Macrophages are critical to the maintenance of IL-13-dependent lung inflammation and fibrosis

Affiliations

Macrophages are critical to the maintenance of IL-13-dependent lung inflammation and fibrosis

L A Borthwick et al. Mucosal Immunol. 2016 Jan.

Abstract

The roles of macrophages in type 2-driven inflammation and fibrosis remain unclear. Here, using CD11b-diphtheria toxin receptor (DTR) transgenic mice and three models of interleukin 13 (IL-13)-dependent inflammation, fibrosis, and immunity, we show that CD11b(+) F4/80(+) Ly6C(+) macrophages are required for the maintenance of type 2 immunity within affected tissues but not secondary lymphoid organs.

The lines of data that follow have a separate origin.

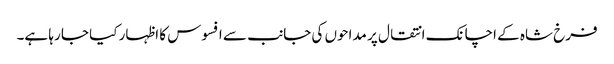
فرخ شاہ کے اچانک انتقال پر مداحوں کی جانب سے افسوس کا اظہار کیا جا رہا ہے۔
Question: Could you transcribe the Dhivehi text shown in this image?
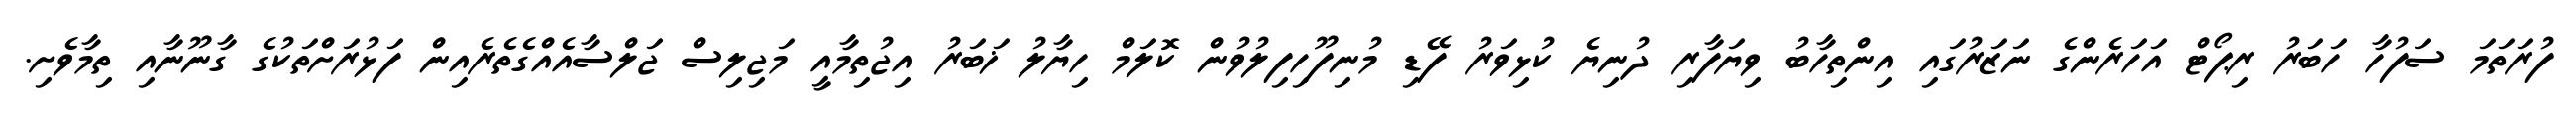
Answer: ފުރަތަމަ ސަފުހާ ހަބަރު ރިޕޯޓް އަހަރެންގެ ނަޒަރުގައި އިންތިހާބު ވިޔަފާރި ދުނިޔެ ކުޅިވަރު ފޭޑި މުނިފޫހިފިލުވުން ކޮލަމް ހިޔާލު ޚަބަރު އިޖުތިމާއީ މަޖިލިސް ޖަލްސާއެއްގެތެރެއިން ފަޅުރަށްތަކުގެ ގާނޫނާއި ތިމާވެށި.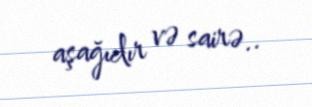
aşağıdır və sairə..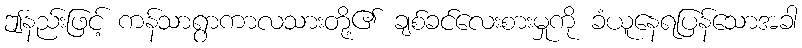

Direct depletion of macrophages during the maintenance or resolution phases of secondary Schistosoma mansoni egg-induced granuloma formation caused a profound decrease in inflammation, fibrosis, and type 2 gene expression. Additional studies with CD11c-DTR and CD11b/CD11c-DTR double-transgenic mice suggested that macrophages but not dendritic cells were critical. Mechanistically, macrophage depletion impaired effector CD4(+) T helper type 2 (Th2) cell homing and activation within the inflamed lung. Depletion of CD11b(+) F4/80(+) Ly6C(+) macrophages similarly reduced house dust mite-induced allergic lung inflammation and suppressed IL-13-dependent immunity to the nematode parasite Nippostrongylus brasiliensis. Consequently, therapeutic strategies targeting macrophages offer a novel approach to ameliorate established type 2 inflammatory diseases.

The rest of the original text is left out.